Inicialmente, o Itamaraty classificou a conduta como assédio sexual. No termo de indiciamento do processo, a pasta afirmou que “o beijo não consentido dentro da repartição configura assédio sexual em ambiente de trabalho” e destacou que Rubem detinha “clara ascendência profissional” sobre a funcionária.

A conclusão mudou no relatório final do processo. A comissão disciplinar entendeu que não houve crime de assédio sexual porque o diplomata não teria agido com a intenção de se aproveitar da ascendência hierárquica. O documento considerou que houve conduta incompatível com a moralidade administrativa, mas não “conduta escandalosa”, hipótese que poderia levar à demissão.

Em dezembro de 2022, Rubem recebeu 40 dias de suspensão. A punição, entretanto, foi convertida em multa porque, segundo o Itamaraty, sua ausência poderia prejudicar o funcionamento da missão brasileira no Haiti.

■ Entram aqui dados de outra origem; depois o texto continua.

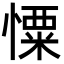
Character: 憟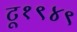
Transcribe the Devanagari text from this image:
टू१९४९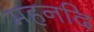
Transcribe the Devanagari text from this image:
महनदि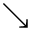
\searrow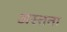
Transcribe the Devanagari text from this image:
अस्तता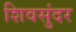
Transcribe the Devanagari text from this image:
शिवसुंदर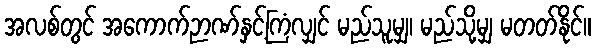
အလစ်တွင် အကောက်ဉာဏ်နှင့်ကြံလျှင် မည်သူမျှ၊ မည်သို့မျှ မတတ်နိုင်။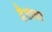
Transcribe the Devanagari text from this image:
द्वैतावर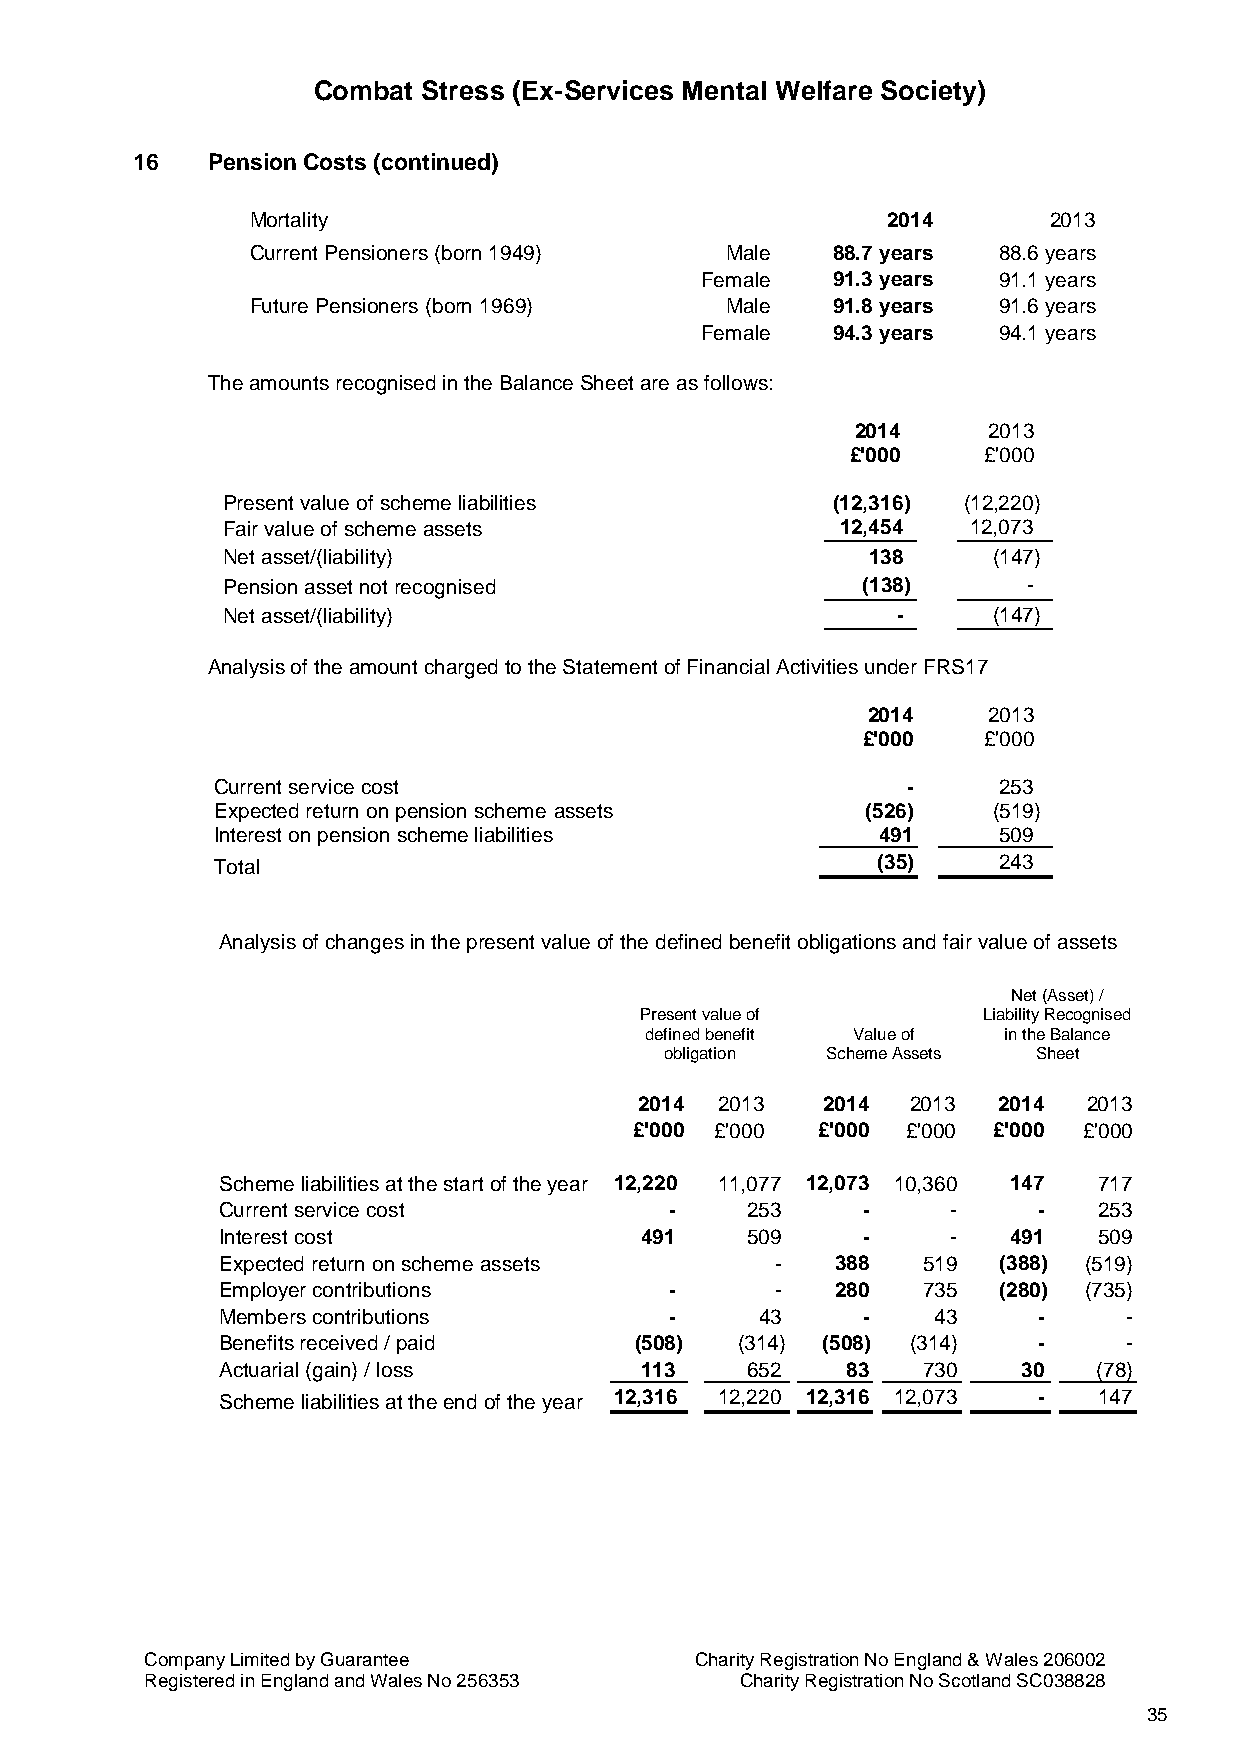
Combat Stress (Ex-Services Mental Welfare Society)
 16   Pension Costs (continued)
 Mortality                                 2014      2013
 Current Pensioners (born 1949) Male   88.7 years 88.6 years
 Female   91.3 years 91.1 years
 Future Pensioners (born 1969)  Male   91.8 years 91.6 years
 Female   94.3 years 94.1 years
 The amounts recognised in the Balance Sheet are as follows:
 2014    2013
 £'000    £'000
 Present value of scheme liabilities     (12,316) (12,220)
 Fair value of scheme assets              12,454  12,073
 Net asset/(liability)                      138     (147)
 Pension asset not recognised              (138)      -
 Net asset/(liability)                       -      (147)
 Analysis of the amount charged to the Statement of Financial Activities under FRS17
 2014    2013
 £'000   £'000
 Current service cost                          -     253
 Expected return on pension scheme assets   (526)    (519)
 Interest on pension scheme liabilities      491     509
 Total                                       (35)    243
 Analysis of changes in the present value of the defined benefit obligations and fair value of assets
 Net (Asset) /
 Present value of       Liability Recognised
 defined benefit Value of in the Balance
 obligation Scheme Assets Sheet
 2014  2013  2014  2013  2014  2013
 £'000 £'000 £'000 £'000 £'000 £'000
 Scheme liabilities at the start of the year 12,220 11,077 12,073 10,360 147 717
 Current service cost         -    253     -     -     -   253
 Interest cost              491    509     -     -   491   509
 Expected return on scheme assets    -   388   519  (388) (519)
 Employer contributions       -      -   280   735  (280) (735)
 Members contributions        -     43     -    43     -     -
 Benefits received / paid   (508)  (314) (508) (314)   -     -
 Actuarial (gain) / loss    113    652    83   730    30   (78)
 Scheme liabilities at the end of the year 12,316 12,220 12,316 12,073 - 147
 Company Limited by Guarantee        Charity Registration No England & Wales 206002
 Registered in England and Wales No 256353 Charity Registration No Scotland SC038828
 35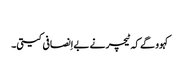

Apesar do episódio, a carreira do diplomata continuou. Depois de deixar o Cairo, ele trabalhou na Embaixada do Brasil em Porto Príncipe e posteriormente foi transferido para Berna, na Suíça. Nas duas missões, ocupou funções de chefia.

Rubem Mendes de Oliveira ganha R$ 100 mil mensais, somando salário e verbas indenizatórias.

Itamaraty não comenta honraria dada a diplomata acusado de assédio sexual

Procurado, o Itamaraty não quis se manifestar sobre a admissão de Rubem Mendes de Oliveira no grau de comendador da Ordem de Rio Branco.

À época das reportagens publicadas pela coluna, o Ministério das Relações Exteriores informou que “o servidor foi responsabilizado e devidamente penalizado por suas condutas”.